Part 40 (1/2)

”My child! How ill you look!”

The self-forgetful devotion of his voice, his eyes, sent a quiver across her face, but Odd, seeing only its frozen pain, remembered those stabbing words: ”You are cruel and weak and mean,” which she had spoken with just such a look, and any lingering thought of a fine onslaught was nipped in the bud.

”I may speak to you?” he asked.

Hilda, for her own part, found it almost impossible to speak; she wanted to throw herself on his breast and weep away all the gnawing loneliness, all the cruel doubts and bitter sense of guilt. The sight of him gave her such joy that everything was already half forgotten--even Katherine; even Katherine--she realized it and steeled herself to say with cold faintness--

”Oh, yes;” adding, ”you startled me.”

”So thin, so pale, such woful eyes!” He stood staring at her.

”You--don't look well either,” she said, still in the soft cold voice.

”I should be very sorry to look well.”

Peter was adapting himself to reality; but if the impetuous dream was abandoned, the courage of humbler methods was growing, and he could smile a little at her.

”Hilda, I have a great deal to tell you. Will you walk with me for a little while? It is a lovely day for walking. How beautiful the woods are looking.”

”Beautiful. I walk here a great deal.” She looked away from him and into the golden distance.

”And you will walk here now with me?” he asked, adding, as the pale hesitation of her face again turned to him, ”Don't be frightened, dear, I am not going to force any solution upon you; I am not going to try to make you think well of me in spite of your conscience.”

Think well of him! As if, good or bad, he was not everything to her, and the rest of the world nowhere! Hilda now looked down at the leaves.

”And here is Palamon,” said Peter, as that delightful beast came at a sort of abrupt and ploughing gallop, necessitated by the extreme shortness of his crumpled legs, through the heaped and fallen foliage.

”He remembers me, too, the dear old boy,” and Palamon, whose very absorbed and business-like manner gave way to sudden and smiling demonstration, was patted and rubbed cordially in answer to his cordial welcome.

”It must seem strange to you being here again after such a time,” said Odd, when he and Hilda turned towards the river, Palamon, with an air of happy sympathy, at their heels. The river was invisible, a good half-mile away, and the whispering hush of the woods surrounded them.

”It doesn't seem strange, no,” Hilda replied; ”it seems very peaceful.”

”And are you peaceful with it?” All the implied reserves of her tone made Peter wonder, as he had often wondered, at the strength of this fragile creature; for, although that conviction of having wronged another was accountable for her haggard young face, the crushed anguish of her love for him was no less apparent in the very aloofness of her glance.

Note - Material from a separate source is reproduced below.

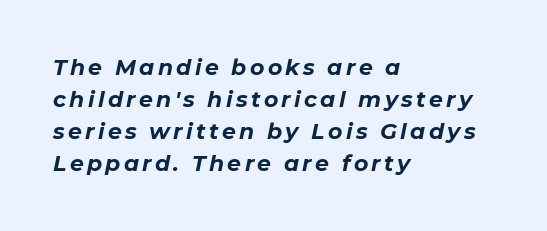
Does the copy run flush right? No — it runs flush left. The font is running at its bold setting. Beneath every word, the page is bare. The vertical gap from one line to the next is medium. Notice how the stems are inclined rather than vertical — that's the hallmark of italics.

”I feel merely very useless,” she said with a vague smile.

”I have seen Katherine, Hilda.” Odd waited during a few moments of silent walking before making the announcement, and Hilda stopped short and turned wondering eyes on him.

”It was at Amalfi. She had just received your letter, and she sent for me; she had something to say to me.” Hilda kept silence, and Odd added, ”You knew that she was on a yachting trip?” Hilda bowed a.s.sent. ”And that Allan Hope is of the party?”

”I heard that; yes.”

”And that he and Katherine are to be married?”

Here Hilda gave a little gasp.

”She doesn't love him,” she cried. Odd considered her with a disturbed look.

”You mustn't say that, you know. I fancy she does--love him.”